**Provided records**
==================================================
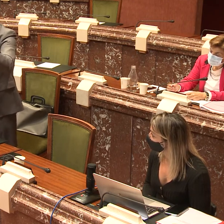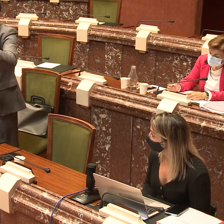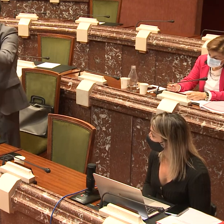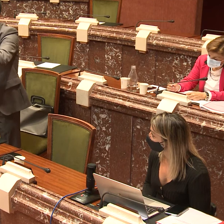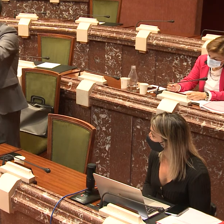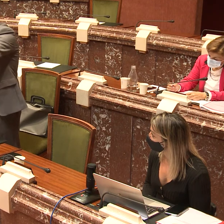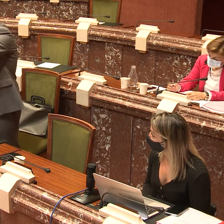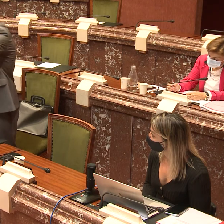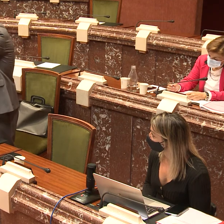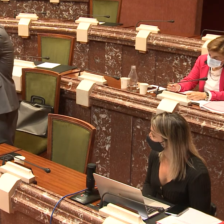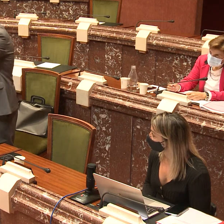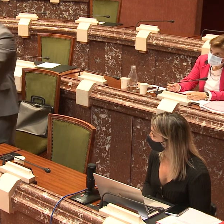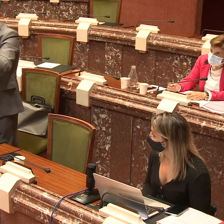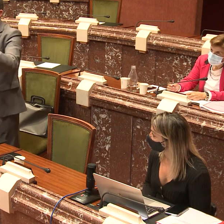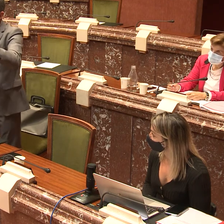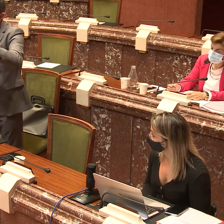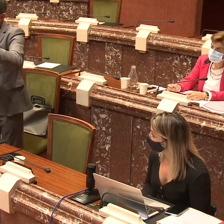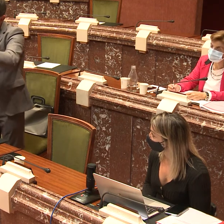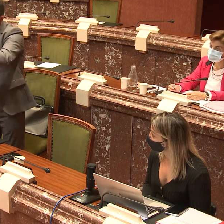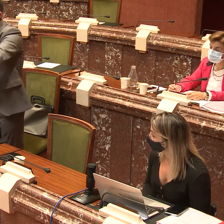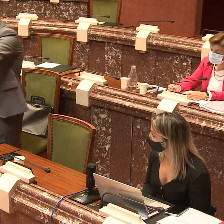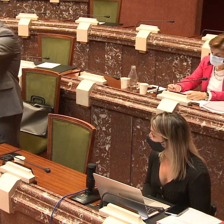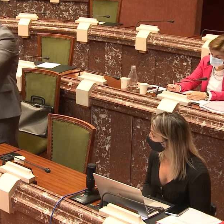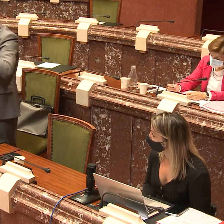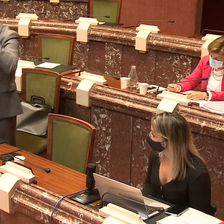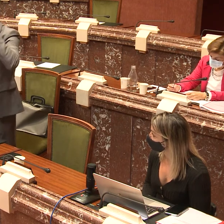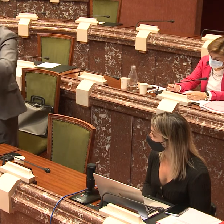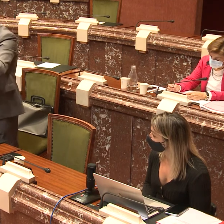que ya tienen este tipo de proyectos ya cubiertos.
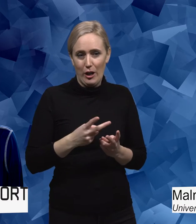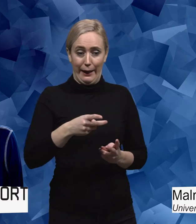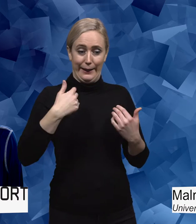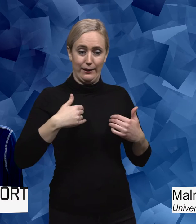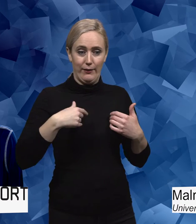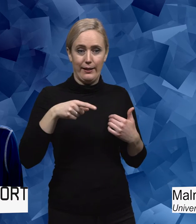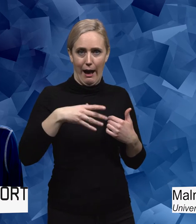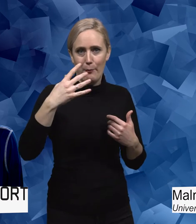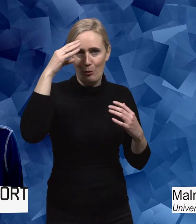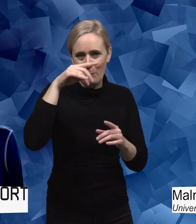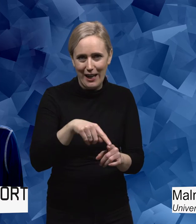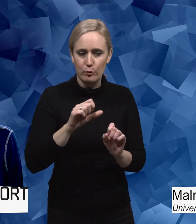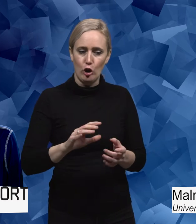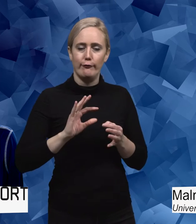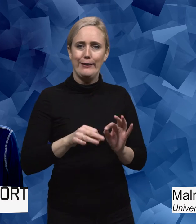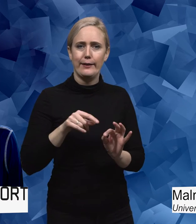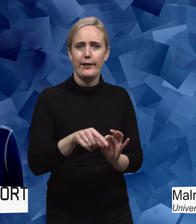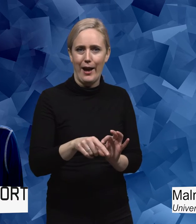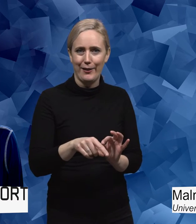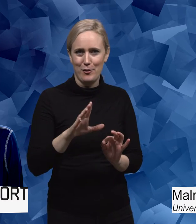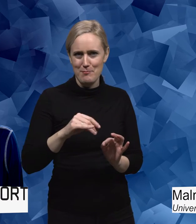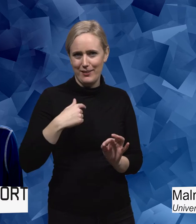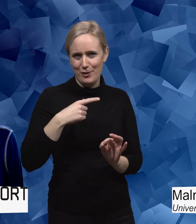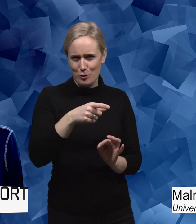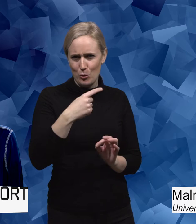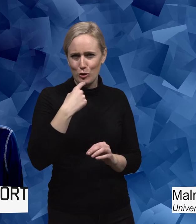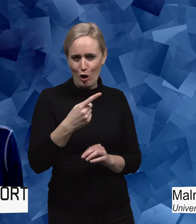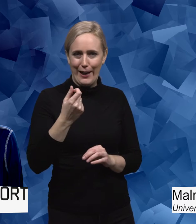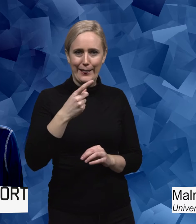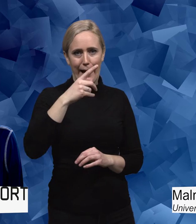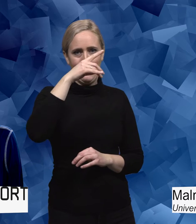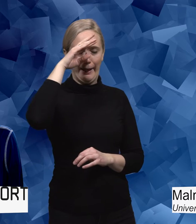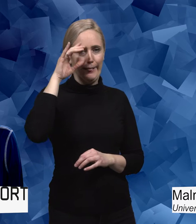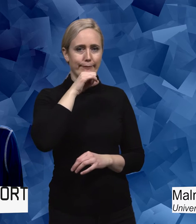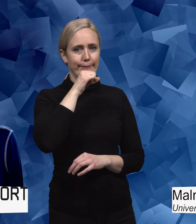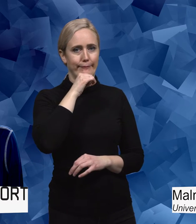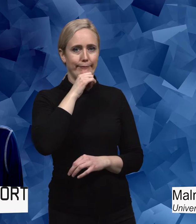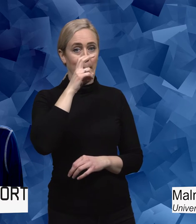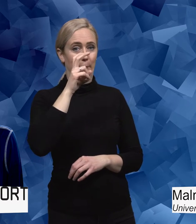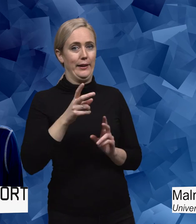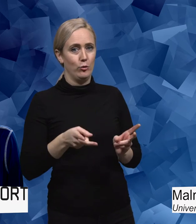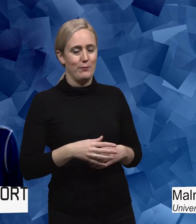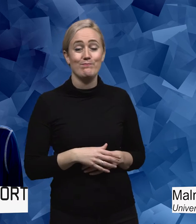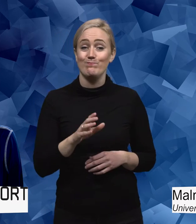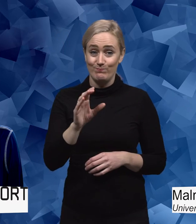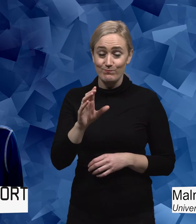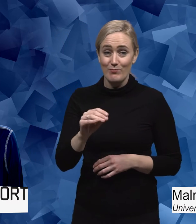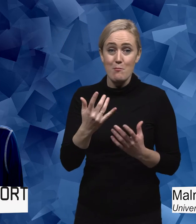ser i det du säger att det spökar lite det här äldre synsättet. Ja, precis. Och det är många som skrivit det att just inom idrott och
==================================================
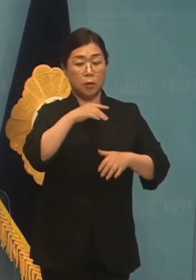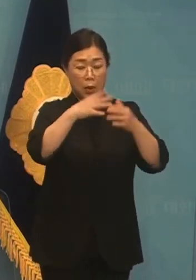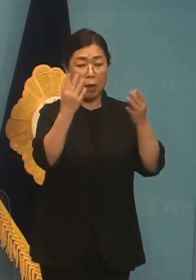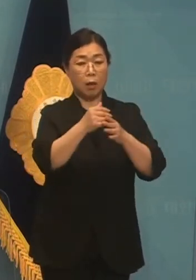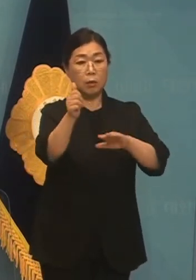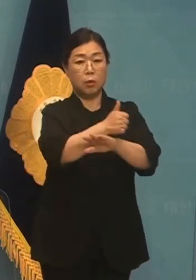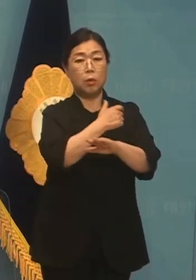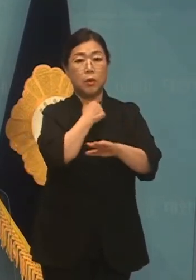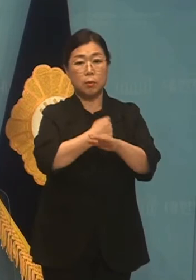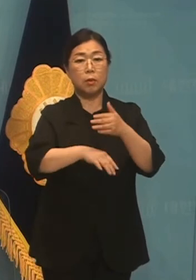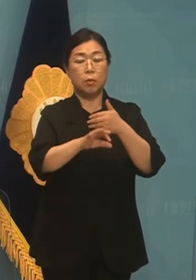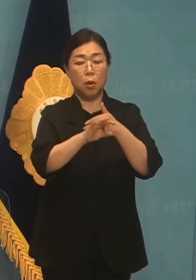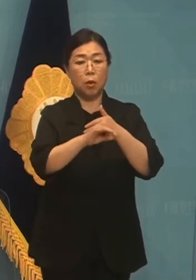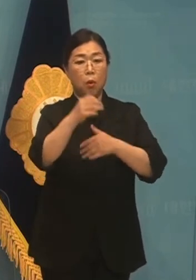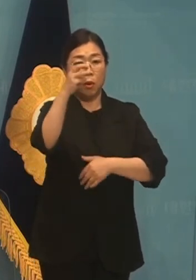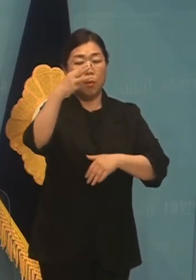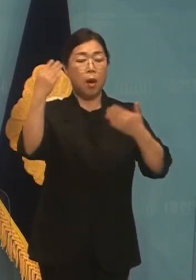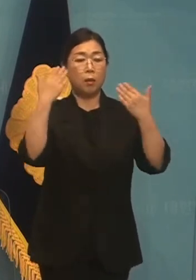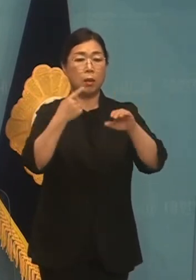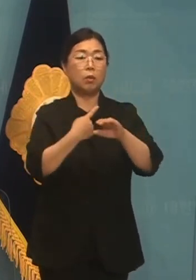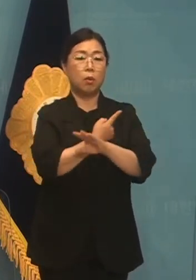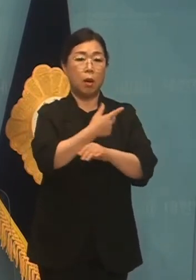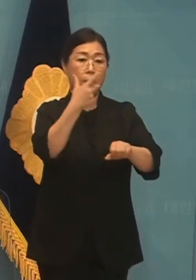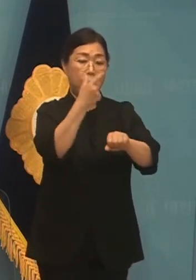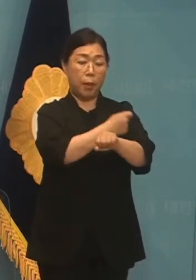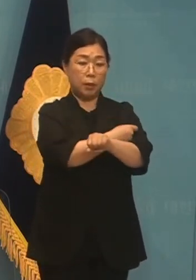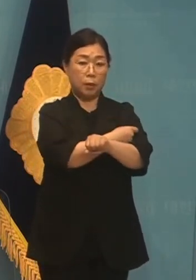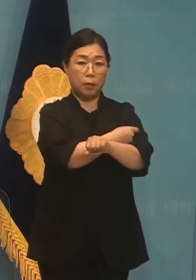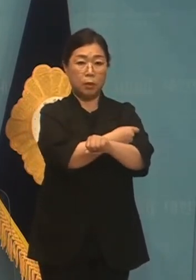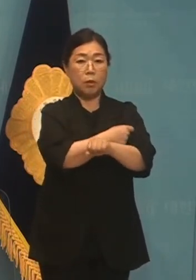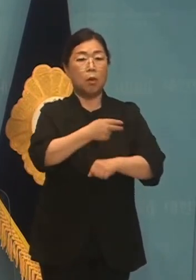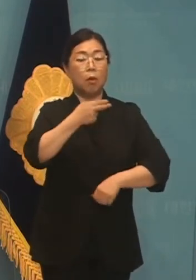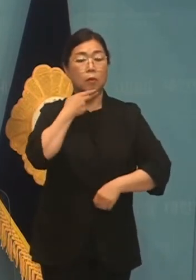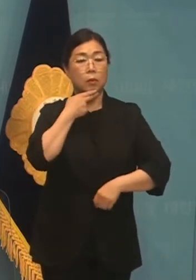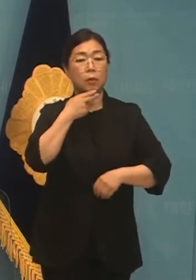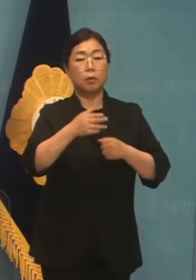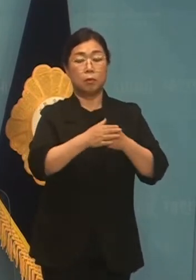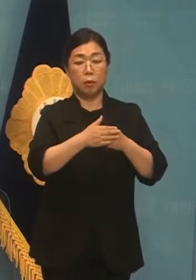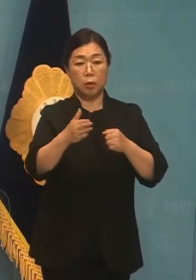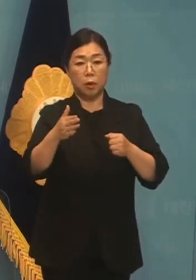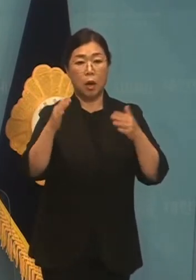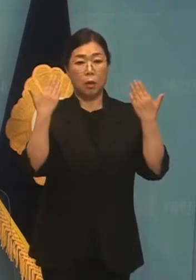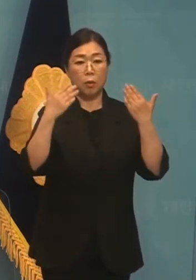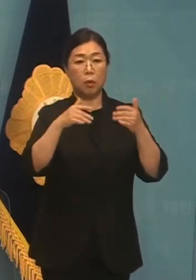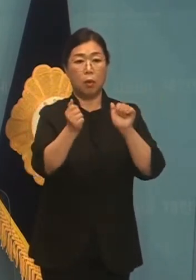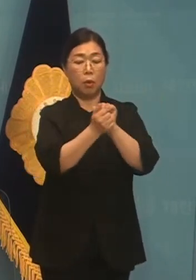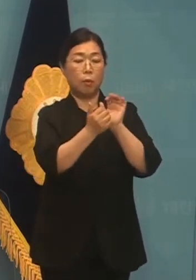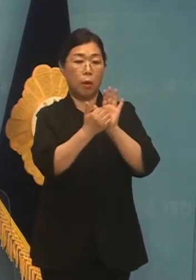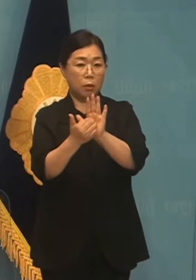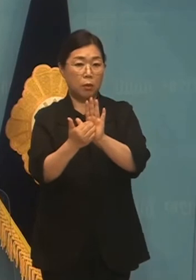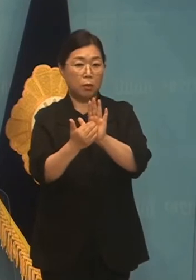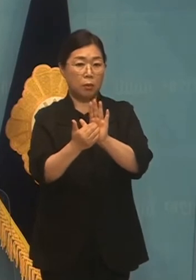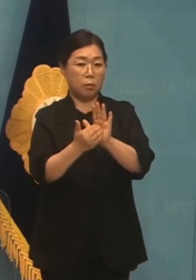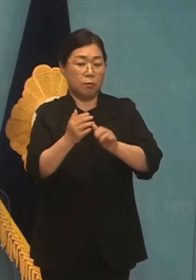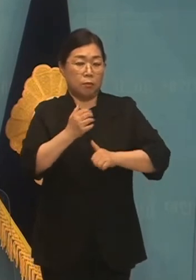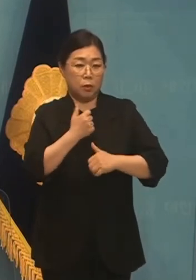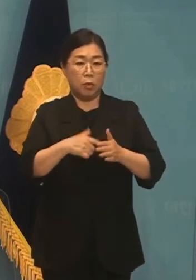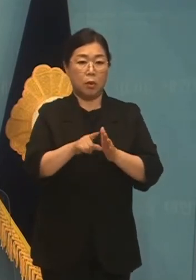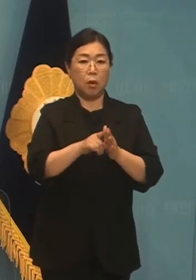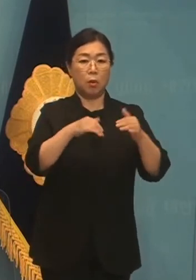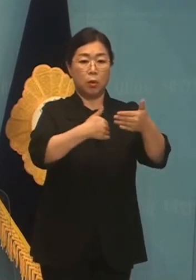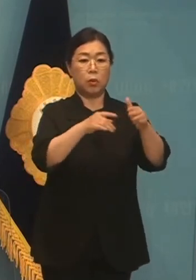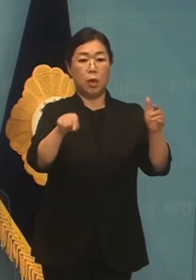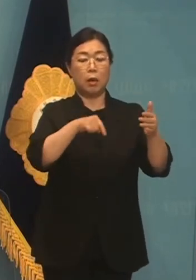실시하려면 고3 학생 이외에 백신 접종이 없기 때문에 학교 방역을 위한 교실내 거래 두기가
==================================================
**Work request**
Print an exact copy of the lines above, from the one containing "que ya tienen" through the one containing "ser i det du", and leave out the pictures.

**Solution for this problem**
que ya tienen este tipo de proyectos ya cubiertos.
ser i det du säger att det spökar lite det här äldre synsättet. Ja, precis. Och det är många som skrivit det att just inom idrott och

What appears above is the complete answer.